Your assignment ▸ Although the data below contains pictures, please reproduce only its words, exactly.

________________________________________

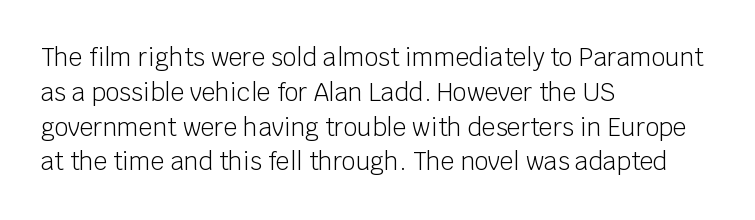
Summary of weight: not heavy and not bold. The passage shown stacks its lines at a standard gap. Upright lettering throughout. Tracking value appears to be zero — textbook default spacing.
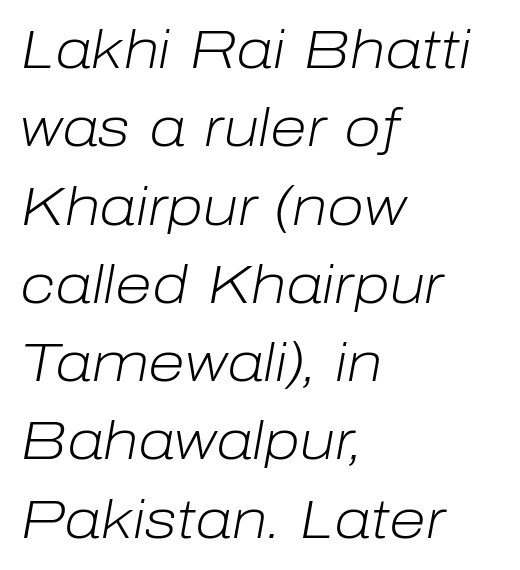
Q: Is the text bold? A: No.
Q: Is the text italic (slanted)? A: Yes, it leans right by about 10 degrees.
Q: Is the text underlined? A: No.
Q: How is the paragraph aligned? A: Left-aligned.
Q: Is the spacing between letters normal or unusually wide? A: Normal.
Q: Is the spacing between lines tight, normal or loose? A: Normal.
Q: Width (condensed, normal, or wide)? A: Normal.
Q: Stroke contrast? A: Low.
Q: x-height? A: Medium.
Q: Monospaced? A: No.
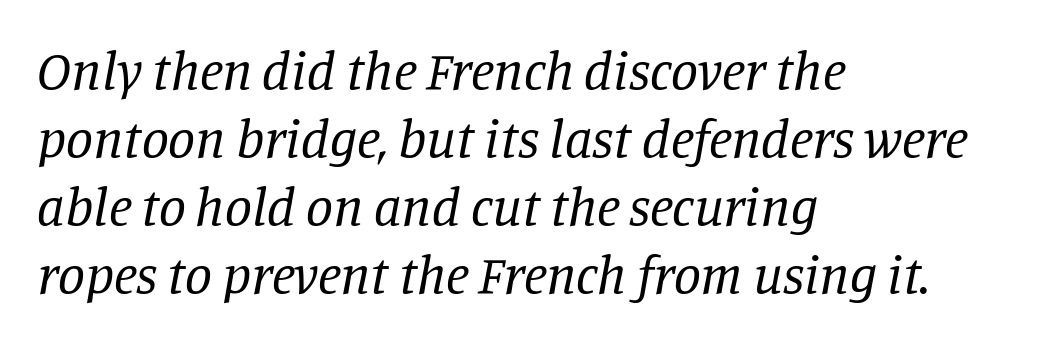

________________________________________

Output for this exercise ▸
Summary of weight: not heavy and not bold. The passage shown stacks its lines at a standard gap. Upright lettering throughout. Tracking value appears to be zero — textbook default spacing.
Q: Is the text bold? A: No.
Q: Is the text italic (slanted)? A: Yes, it leans right by about 10 degrees.
Q: Is the text underlined? A: No.
Q: How is the paragraph aligned? A: Left-aligned.
Q: Is the spacing between letters normal or unusually wide? A: Normal.
Q: Is the spacing between lines tight, normal or loose? A: Normal.
Q: Width (condensed, normal, or wide)? A: Normal.
Q: Stroke contrast? A: Low.
Q: x-height? A: Medium.
Q: Monospaced? A: No.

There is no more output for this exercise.